GPT-5.4 in OpenClaw doesn’t suck. Your prompts do.
/ 6 min read
Table of Contents
Anthropic changed the rules for OpenClaw.
Starting April 4 at 12pm PT, Claude subscription limits no longer apply to third-party harnesses including OpenClaw. You can still use Claude. You just have to pay for extra usage on top of your subscription.
That’s the whole problem.
Opus has always had the best vibes in OpenClaw. The subscription made that easy to justify. But once you move to usage pricing, the math gets ugly fast.
So the panic makes sense.
The bad conclusion is: GPT-5.4 just isn’t good enough.
My conclusion is different:
GPT-5.4 in OpenClaw doesn’t suck. Your prompts do.
What actually changed
Anthropic’s email says:
- Claude subscription limits no longer apply to OpenClaw
- Claude Code and Claude Cowork are still covered
- OpenClaw now requires extra usage
- Anthropic is offering a one-time credit
- Anthropic is offering up to 30% prepaid bundle discounts
That means the debate changed.
It’s no longer just Opus vs GPT. It’s also subscription pricing vs usage pricing.
Why people are suddenly looking at GPT
OpenAI still supports a subscription-backed path through ChatGPT / Codex.
OpenAI’s docs say:
- Sign in with ChatGPT gives subscription access
- Every ChatGPT plan includes Codex
codex login --device-authworks for remote boxes
That matters more than benchmark tribalism.

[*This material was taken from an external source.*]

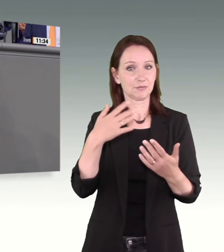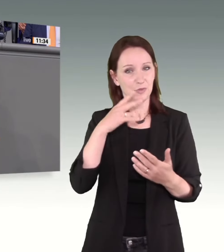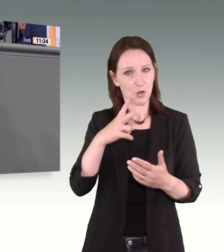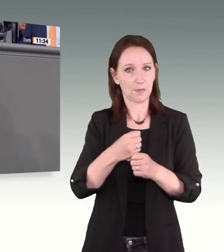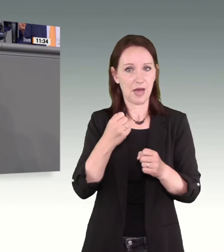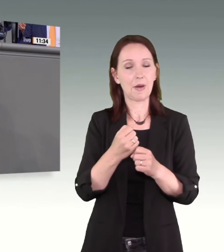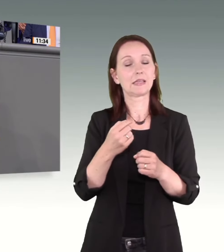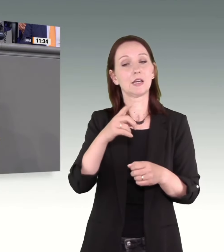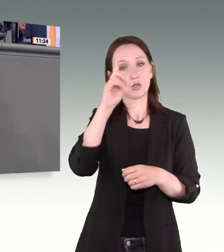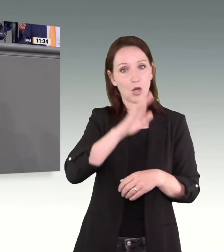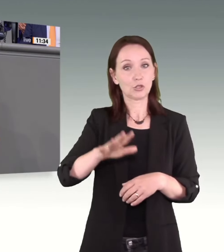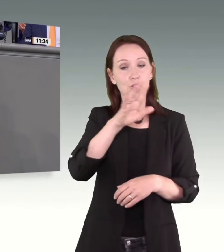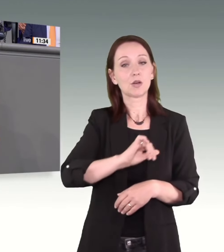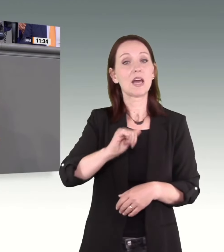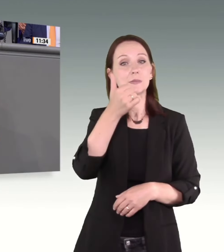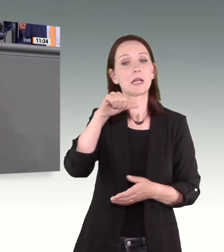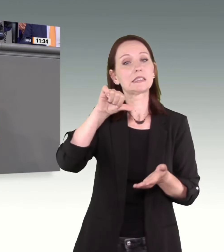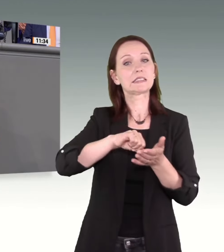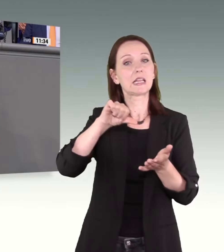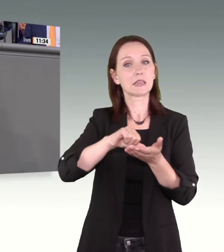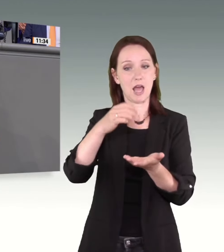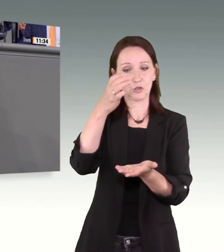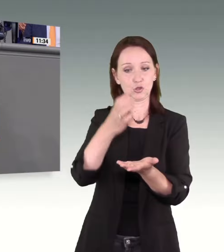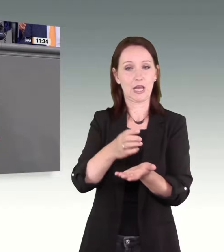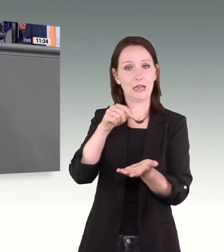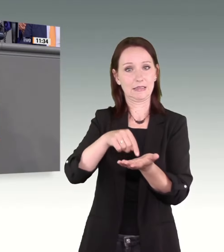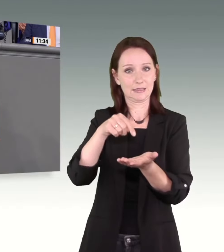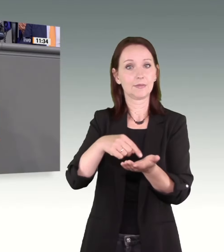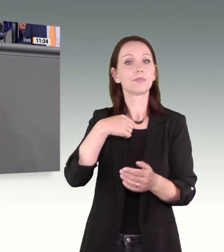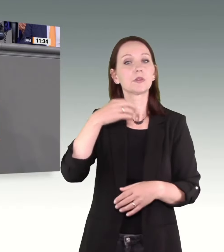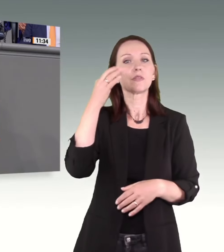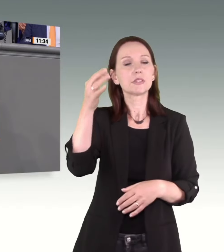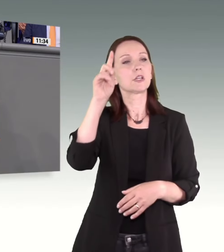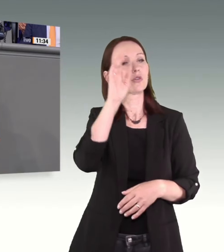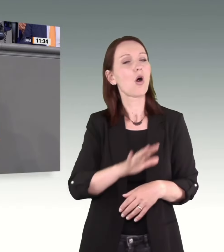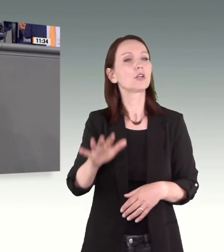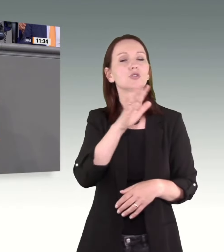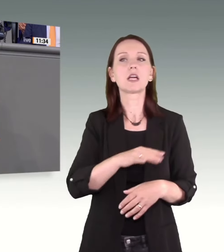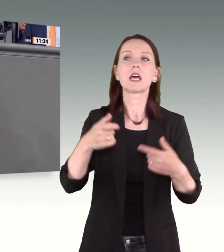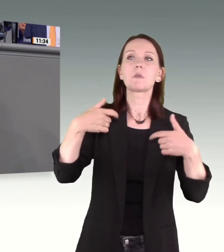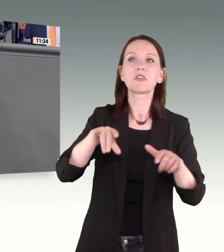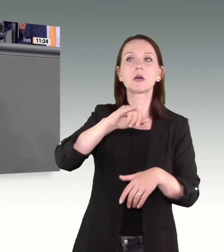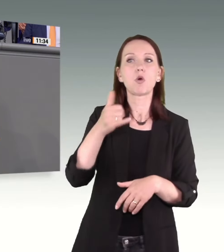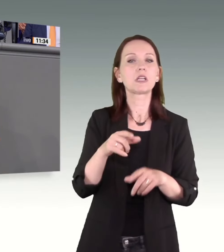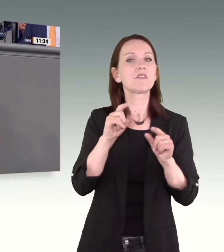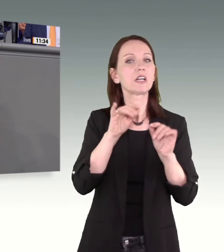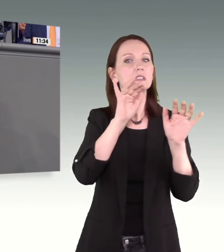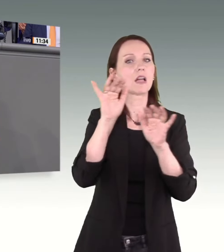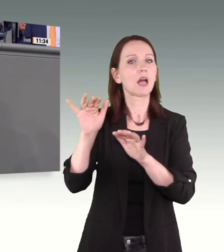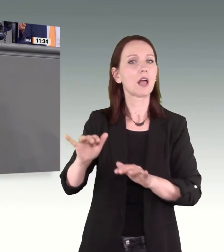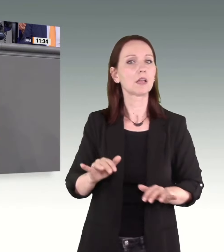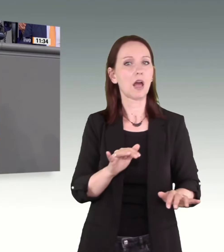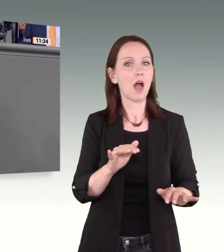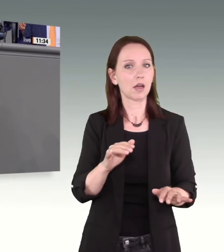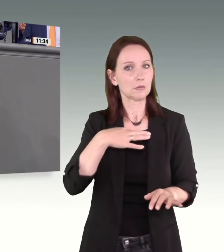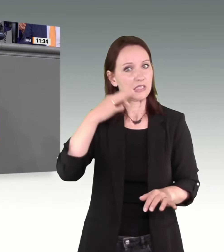Deutschland einzurichten, bei der wir überhaupt wissen, welche Präventionsprojekte es in Deutschland überhaupt gibt, welche evaluiert sind, wo wir

A lot of users are not choosing between two abstract models. They’re choosing between:
- “this still feels like a subscription”
- and
- “this can quietly become an infra bill”
The real mistake people are making
I keep hearing the same complaint:
“GPT is substantially dumber than Claude in an OpenClaw context.”
I get it.
But most people are not testing GPT-5.4 fairly.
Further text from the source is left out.